担当している事件処理のために新幹線で出張する場合,「のぞみ」で移動することが圧倒的に多いのですが,ここ半年では珍しく「こだま」を利用することが数回あり,恐らくは年内にあと1回が予定されております。行先は静岡県の掛川です。
名古屋から掛川までを「こだま」でのんびりと往復していますと,車窓からは浜名湖も見えてきますし,緑豊かな山間の村々の風景も私の眼を楽しませてくれます。車窓からの美しい自然を楽しみながらビールでも一杯といきたいところですが,赤ら顔で裁判所に行く訳にはまいりません(笑)。でも最近は,もちろんこの区間だけではなく他の路線でもソーラー発電の施設がやたら目につきます。山々や小高い丘の森林を容赦なく伐採し,豊かな緑を失わせ,露出した黄土色の広大な山肌に設置されたソーラ―発電施設の傲然とした風情を目にすると興ざめしてしまいます。

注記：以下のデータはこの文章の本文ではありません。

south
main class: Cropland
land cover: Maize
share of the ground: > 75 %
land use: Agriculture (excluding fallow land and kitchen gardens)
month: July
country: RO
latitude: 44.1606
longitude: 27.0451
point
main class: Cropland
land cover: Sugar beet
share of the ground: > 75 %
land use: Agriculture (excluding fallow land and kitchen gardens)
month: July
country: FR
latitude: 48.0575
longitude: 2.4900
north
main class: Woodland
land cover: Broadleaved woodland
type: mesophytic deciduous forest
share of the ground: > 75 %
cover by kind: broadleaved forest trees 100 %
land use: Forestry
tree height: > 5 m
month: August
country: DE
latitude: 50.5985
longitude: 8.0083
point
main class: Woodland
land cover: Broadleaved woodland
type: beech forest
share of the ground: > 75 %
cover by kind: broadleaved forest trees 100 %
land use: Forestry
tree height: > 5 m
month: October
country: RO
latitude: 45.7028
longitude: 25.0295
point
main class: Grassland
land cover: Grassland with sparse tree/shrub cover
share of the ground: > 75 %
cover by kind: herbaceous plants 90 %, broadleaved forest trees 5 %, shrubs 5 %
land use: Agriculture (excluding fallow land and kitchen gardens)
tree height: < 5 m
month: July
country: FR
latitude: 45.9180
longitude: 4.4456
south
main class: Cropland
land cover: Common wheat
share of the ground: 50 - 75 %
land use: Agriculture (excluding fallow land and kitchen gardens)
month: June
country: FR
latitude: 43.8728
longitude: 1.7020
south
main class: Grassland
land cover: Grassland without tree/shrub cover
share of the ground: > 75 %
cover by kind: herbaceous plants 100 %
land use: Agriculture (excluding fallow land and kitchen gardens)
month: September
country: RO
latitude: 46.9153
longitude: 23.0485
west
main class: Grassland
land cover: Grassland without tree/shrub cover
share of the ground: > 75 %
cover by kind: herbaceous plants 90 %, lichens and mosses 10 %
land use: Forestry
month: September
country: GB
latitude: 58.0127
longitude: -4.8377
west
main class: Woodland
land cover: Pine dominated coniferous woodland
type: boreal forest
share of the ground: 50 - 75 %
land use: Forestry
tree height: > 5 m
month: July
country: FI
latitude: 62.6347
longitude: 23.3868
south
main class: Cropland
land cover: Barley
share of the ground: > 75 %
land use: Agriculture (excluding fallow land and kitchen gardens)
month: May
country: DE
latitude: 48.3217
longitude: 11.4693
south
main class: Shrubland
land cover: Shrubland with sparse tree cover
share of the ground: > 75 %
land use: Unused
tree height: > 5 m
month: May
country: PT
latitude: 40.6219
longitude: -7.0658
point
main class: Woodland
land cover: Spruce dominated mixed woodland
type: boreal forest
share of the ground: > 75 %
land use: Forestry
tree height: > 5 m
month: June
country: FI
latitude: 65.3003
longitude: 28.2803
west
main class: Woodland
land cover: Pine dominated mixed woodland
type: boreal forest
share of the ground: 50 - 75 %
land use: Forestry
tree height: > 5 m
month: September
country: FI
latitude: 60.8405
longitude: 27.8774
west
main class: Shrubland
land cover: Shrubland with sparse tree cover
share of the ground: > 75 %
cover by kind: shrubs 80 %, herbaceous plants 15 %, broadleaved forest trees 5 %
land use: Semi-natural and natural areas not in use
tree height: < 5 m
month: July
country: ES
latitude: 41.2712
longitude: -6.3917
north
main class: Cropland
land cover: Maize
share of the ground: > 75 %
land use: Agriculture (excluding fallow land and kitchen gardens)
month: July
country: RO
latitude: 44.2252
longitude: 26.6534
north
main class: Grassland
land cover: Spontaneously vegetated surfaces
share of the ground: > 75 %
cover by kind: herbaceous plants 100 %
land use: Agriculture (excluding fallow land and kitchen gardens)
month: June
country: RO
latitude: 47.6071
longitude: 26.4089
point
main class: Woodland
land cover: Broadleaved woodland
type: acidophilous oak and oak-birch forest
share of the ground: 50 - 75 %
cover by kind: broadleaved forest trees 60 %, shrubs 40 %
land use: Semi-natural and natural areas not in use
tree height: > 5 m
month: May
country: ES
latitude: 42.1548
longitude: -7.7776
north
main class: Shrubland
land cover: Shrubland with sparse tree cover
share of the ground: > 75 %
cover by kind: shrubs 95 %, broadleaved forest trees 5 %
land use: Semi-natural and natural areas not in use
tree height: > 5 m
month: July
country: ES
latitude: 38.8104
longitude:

プレジデント・オンラインというサイトでは,先日評論家の櫻井よしこさんがソーラー発電等(洋上風力発電なども含む。)の分野で中国企業がやたらと進出し,日本の土地を買い漁っていることや,日本人の支払う電気料金が中国企業に流れる仕組みに警鐘を鳴らしておりました。
そういえば,我が家の月々の電気料金の請求書をよく見ますと,「再エネ発電促進賦課金」なる項目が計上されており,私が支払う電気料金の一部を構成しています。太陽光であれ,風力であれ,再生エネルギー事業は固定価格買い取り制度(FIT)で守られ,一旦これらの事業が認可されれば生み出した産業用電力は比較的高く設定された固定価格で20年間ずっと買い取ってもらえます。買い取るのは電力会社であっても,このコストは各家庭の電気料金に再生エネルギーのための賦課金として上乗せされ,全てが国民負担となります。
この分野での中国共産党ないし中国企業の不気味な動きは無視できません。富山県入善町の洋上風力発電事業に中国企業が入ることになりましたし,青森県むつ市では使用済み核燃料の中間貯蔵施設を建設中ですが,この施設の真ん前の広大な土地が上海電力に買われてしまっております。また,上海電力が取得していたのはここだけではなく,むつ市の陸奥湾に面した海上自衛隊の大湊地方隊の基地近くの一体も買われておりました。いずれも登記上は日本人女性が所有していることにはなっておりますが,事業認可はSMW東北という合同会社で,その会社の住所は上海電力だそうです。また,上海電力の100%子会社である上海電力日本㈱が,山口県岩国市のメガソーラー事業を買収した事実も報道されましたね。その広さたるや東京ドーム25個分と言われております。
さきほど富山県入善町の洋上風力発電事業に触れましたが,洋上風力発電事業に関しては,再エネ海域利用法に基づいて入札が行われ,そのさい,公募事業者には海底の資料(潮流,風向き,海底の地形,地質など)が全て公開され,この資料は応募しただけで入手できます。さらに選定された事業者は区域占有許可を与えられ,30年間にわたってその海域を占有することができるだけでなく独自に海底調査をすることもできます。
中国企業はたとえ民間企業の形ではあっても中国共産党の支配下にある訳ですから,日本列島は洋上風力発電の名のもとに合法的に丸裸にされる仕組みであり,また,経済的にはFITを利用した再生エネルギー事業では,私たち国民の支払う電気料金がそのまま中国企業を潤す仕組みにもなっている訳です。
評論家の櫻井よしこさんは,国土の安全保障のために日本国の政治家は危機感をもって迅速に動くべきだと力説しており,同感です。自由民主党も保守政党を標榜するのであれば,少しは危機感というものをもったらどうでしょうか。
以前このブログでもご紹介しましたが,「目に見えぬ侵略-中国のオーストラリア支配計画」(クライブ・ハミルトン著,山岡鉄秀[監訳],奥山真司[訳],飛鳥新社)という本はとても良書ですよ。これは中国共産党による密かな(時に露骨な)政治工作,世界侵略の一端を垣間見せる本ですが,我が国においても中国企業や中国人による土地買い漁りについて,一定のそして有効な規制をするべきでしょう。